-- DATASET CONTENT follows --

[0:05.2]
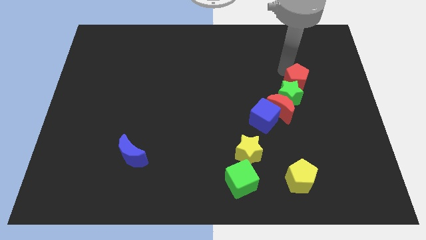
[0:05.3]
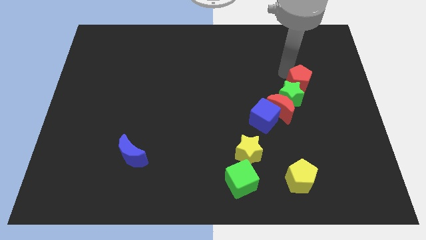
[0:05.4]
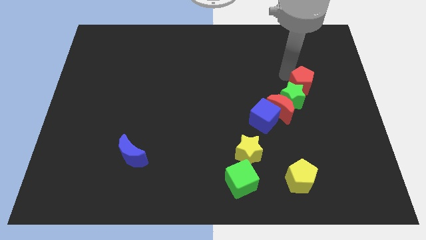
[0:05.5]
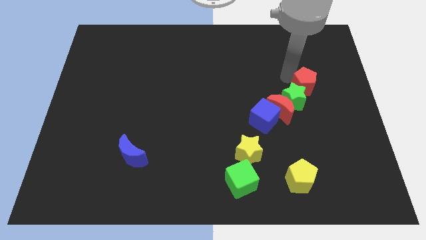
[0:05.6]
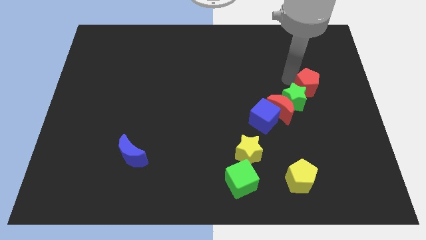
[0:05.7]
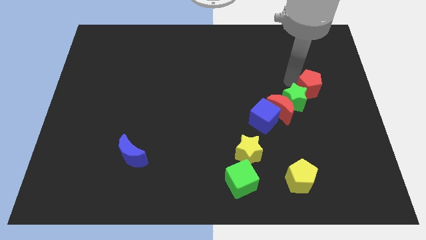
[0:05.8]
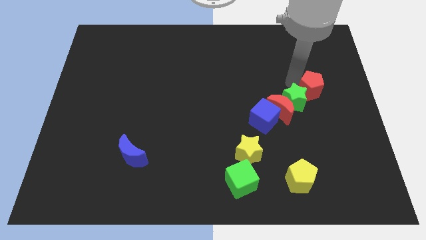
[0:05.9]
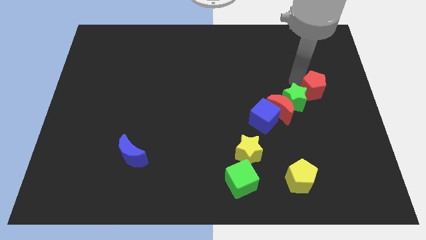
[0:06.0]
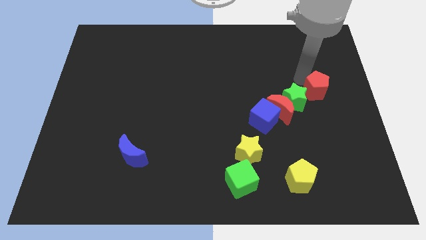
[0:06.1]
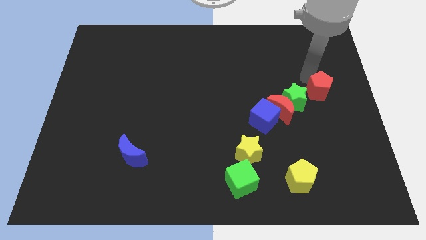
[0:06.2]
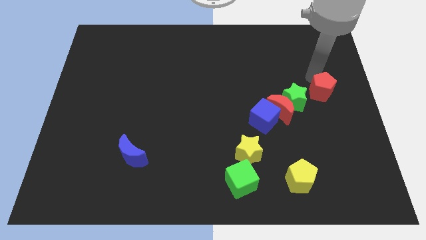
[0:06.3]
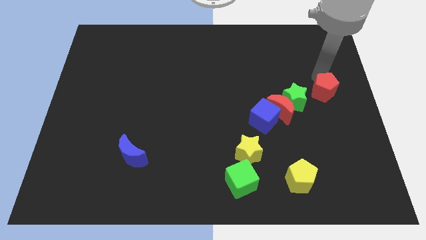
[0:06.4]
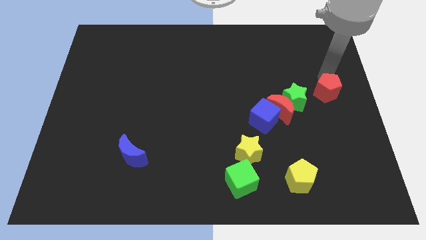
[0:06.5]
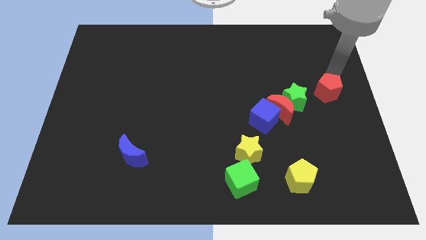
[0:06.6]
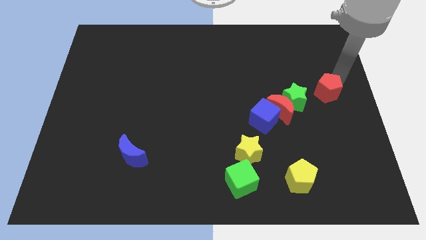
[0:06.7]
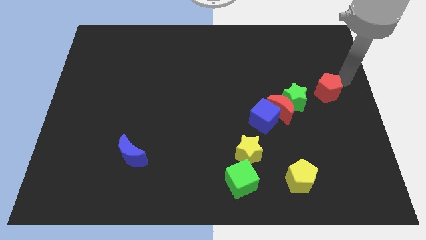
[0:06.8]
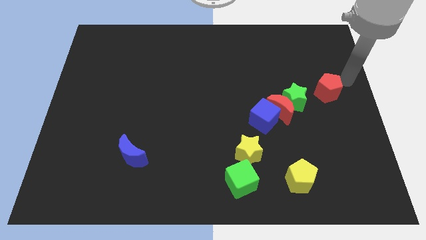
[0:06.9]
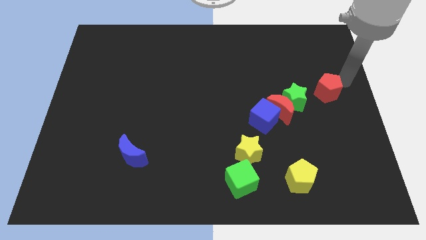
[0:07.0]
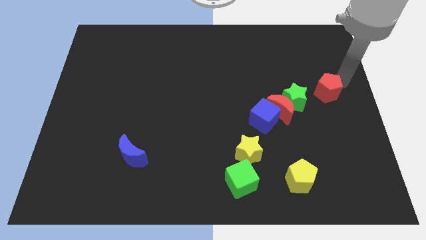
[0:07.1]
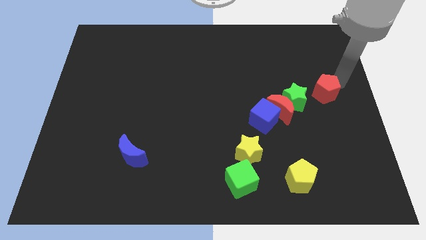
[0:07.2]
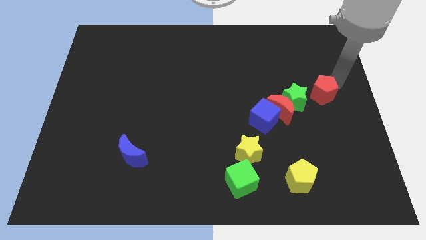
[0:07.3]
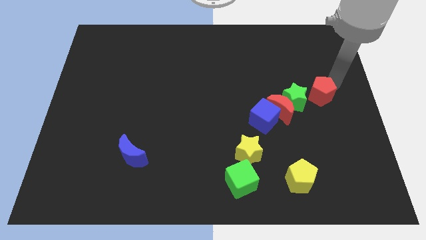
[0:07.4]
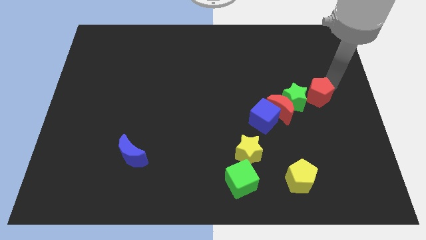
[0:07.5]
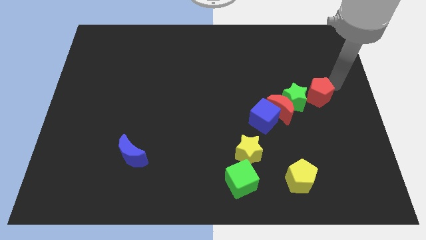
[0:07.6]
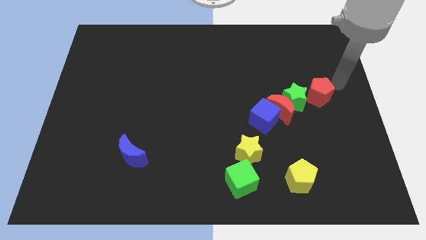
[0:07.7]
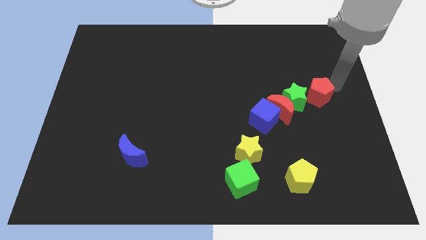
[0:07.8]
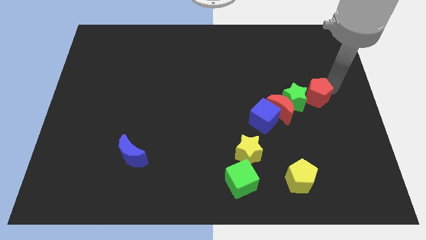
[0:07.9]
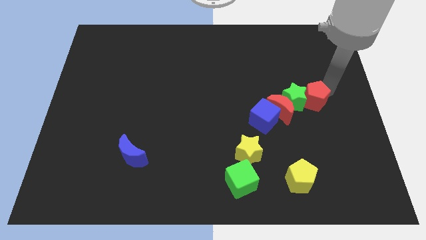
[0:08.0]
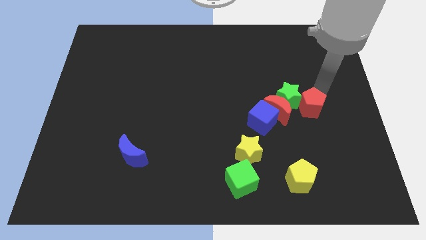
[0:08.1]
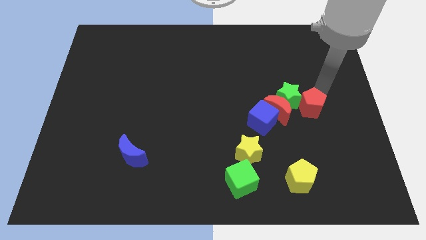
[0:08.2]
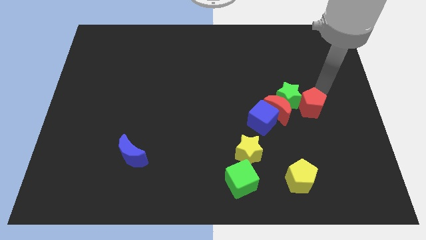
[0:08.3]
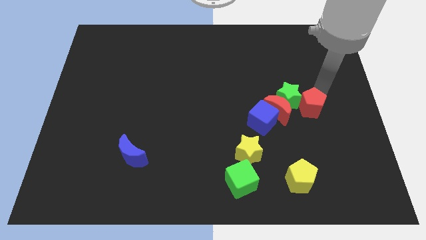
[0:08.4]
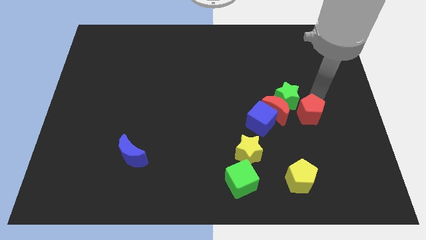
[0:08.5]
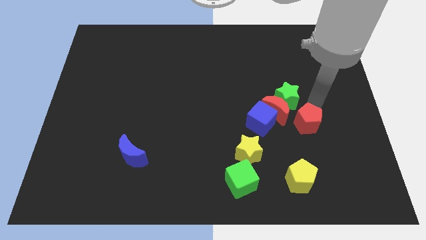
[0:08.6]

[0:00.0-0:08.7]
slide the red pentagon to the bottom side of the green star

-- DATASET CONTENT concluded --

WHAT YOU SHOULD DO: Without copying the pictures, transcribe the entries exactly.

ANSWER TO THE EXERCISE:
[0:05.2]
[0:05.3]
[0:05.4]
[0:05.5]
[0:05.6]
[0:05.7]
[0:05.8]
[0:05.9]
[0:06.0]
[0:06.1]
[0:06.2]
[0:06.3]
[0:06.4]
[0:06.5]
[0:06.6]
[0:06.7]
[0:06.8]
[0:06.9]
[0:07.0]
[0:07.1]
[0:07.2]
[0:07.3]
[0:07.4]
[0:07.5]
[0:07.6]
[0:07.7]
[0:07.8]
[0:07.9]
[0:08.0]
[0:08.1]
[0:08.2]
[0:08.3]
[0:08.4]
[0:08.5]
[0:08.6]

[0:00.0-0:08.7]
slide the red pentagon to the bottom side of the green star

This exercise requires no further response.